Material for the task -
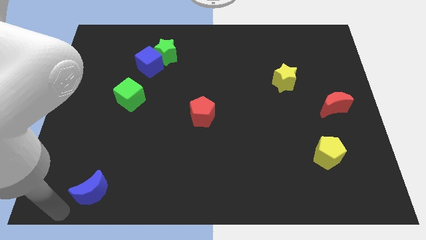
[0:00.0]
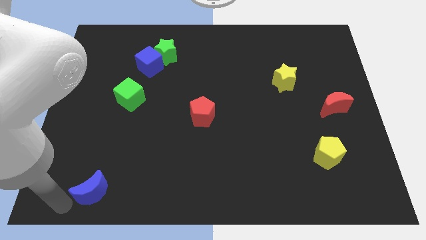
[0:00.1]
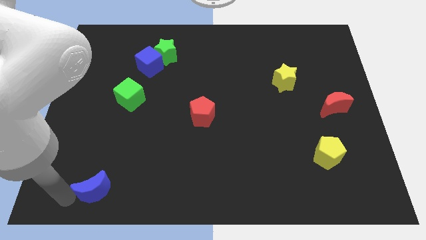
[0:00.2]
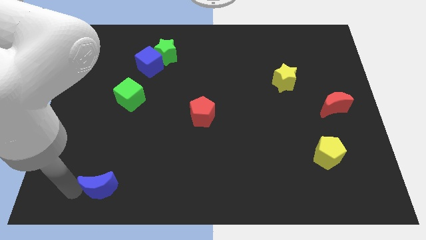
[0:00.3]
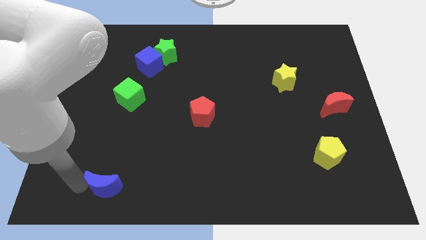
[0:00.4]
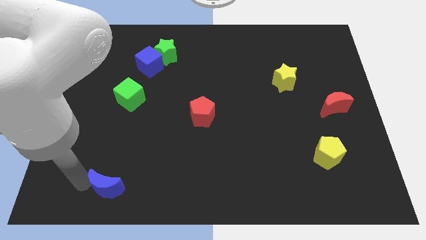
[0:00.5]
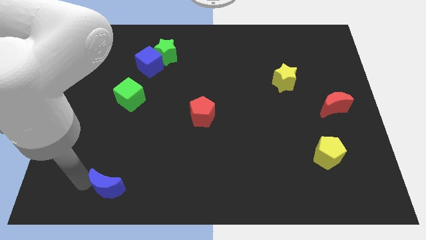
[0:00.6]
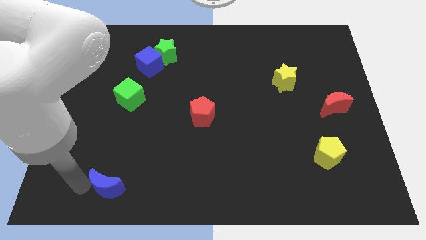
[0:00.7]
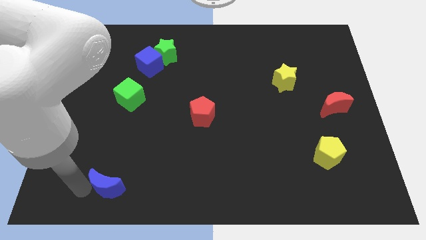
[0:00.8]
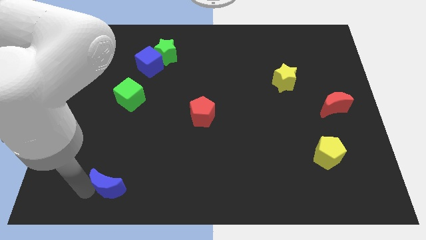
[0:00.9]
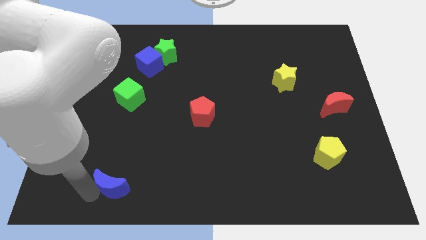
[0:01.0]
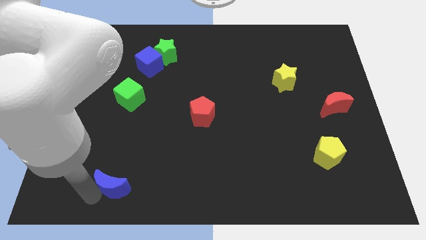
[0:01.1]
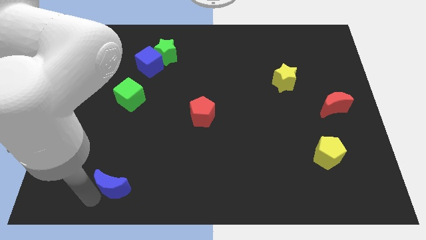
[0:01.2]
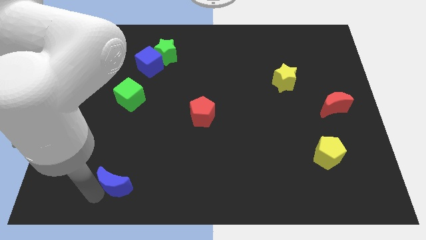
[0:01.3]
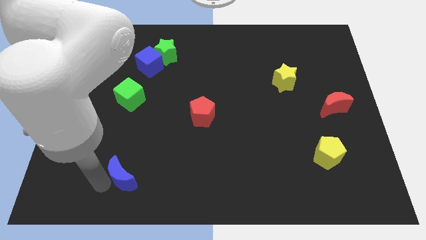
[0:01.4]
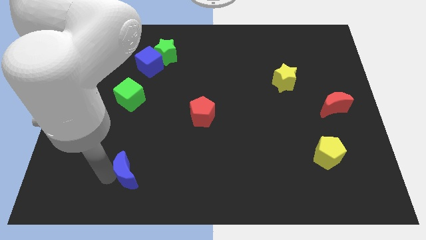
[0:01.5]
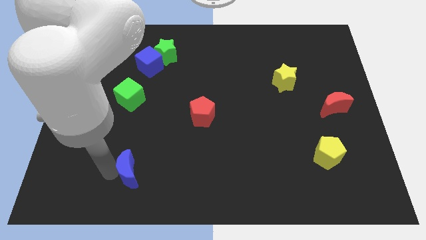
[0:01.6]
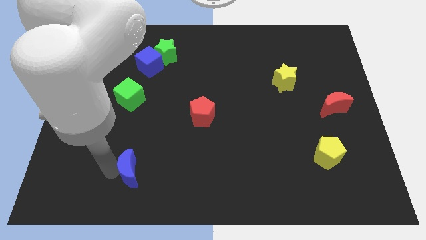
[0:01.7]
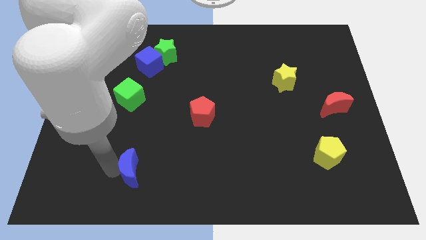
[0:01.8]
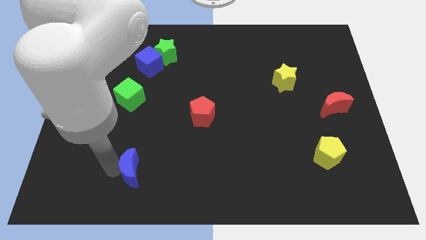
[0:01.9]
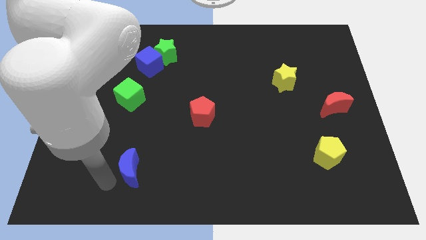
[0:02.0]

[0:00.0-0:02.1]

What you have to do -
Could you print the data exactly as it appears and keep the pictures out?

Task result -
[0:00.0]
[0:00.1]
[0:00.2]
[0:00.3]
[0:00.4]
[0:00.5]
[0:00.6]
[0:00.7]
[0:00.8]
[0:00.9]
[0:01.0]
[0:01.1]
[0:01.2]
[0:01.3]
[0:01.4]
[0:01.5]
[0:01.6]
[0:01.7]
[0:01.8]
[0:01.9]
[0:02.0]

[0:00.0-0:02.1]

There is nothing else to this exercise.